Enabling single sign-on (SSO) for user authentication

You have two options for authenticating your users when they login. You can stick with the standard authentication mode, which checks your users' credentials against a local Kayako database. Alternatively, you can check your users' credentials against a remote database by enabling single sign-on (SSO). SSO lets you use an existing user database to authenticate your agents and customers when they sign in to Kayako. 

In this article, we'll walk you through the process of enabling SSO for your customers and your agents. 

Turning on SSO for user logins

To enable SSO, you'll need login and logout URLs for your remote authentication service, as well as a secret key that you'll set up to grant Kayako access. For help find these, refer to the SSO implementation instructions over in our developer documentation. 
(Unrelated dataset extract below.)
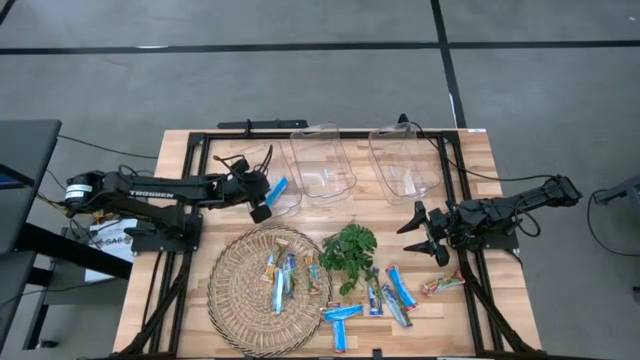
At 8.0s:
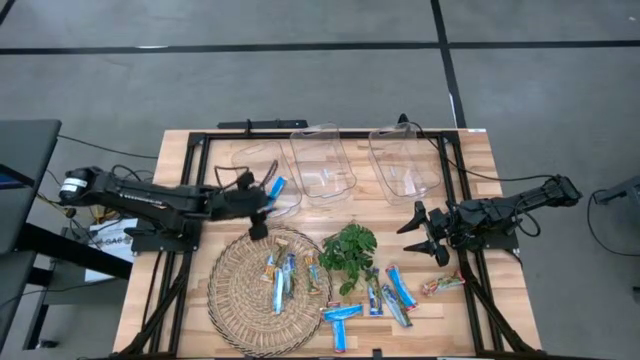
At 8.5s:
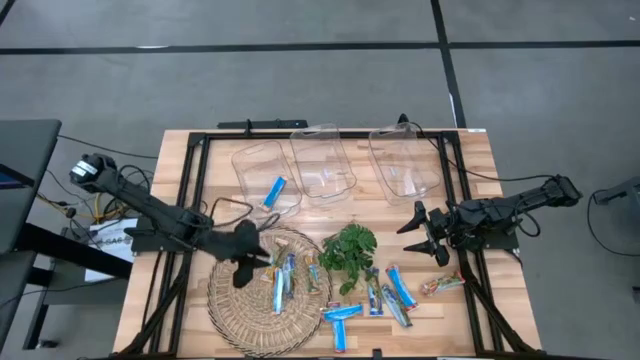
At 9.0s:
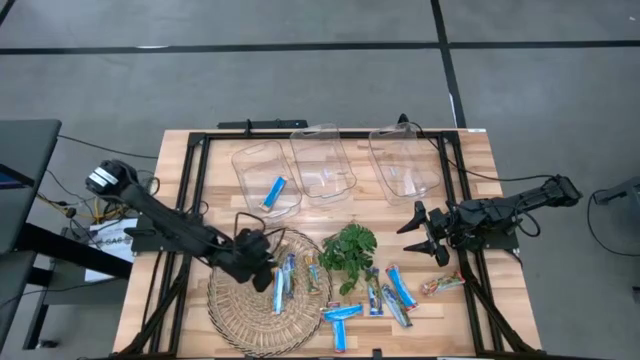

NOTE: To edit your Kayako's SSO settings, you will need an administrator account with the 'Manage system configuration' permission.

To enable SSO authentication:

1. Sign in to the admin area.
2. Click on Security in the sidebar.
3. Choose either the 'Agents' or 'Customers' tab at the top. The configuration options will be the same for both types of user.
4. From the Authentication dropdown list, select 'Single sign-on (JWT)', which will open up another set of configuration options:
   
5. Add the login URL for your remote system to the Remote login URL field. 
6. Add the logout URL for your remote system to the Remote logout URL field. 
7. Paste the token you've created for Kayako into the Shared SSO secret field.
8. Click the Save button to save the changes.

NOTE: Remember, if you need more help with configuring SSO authentication, our developer documentation has you covered.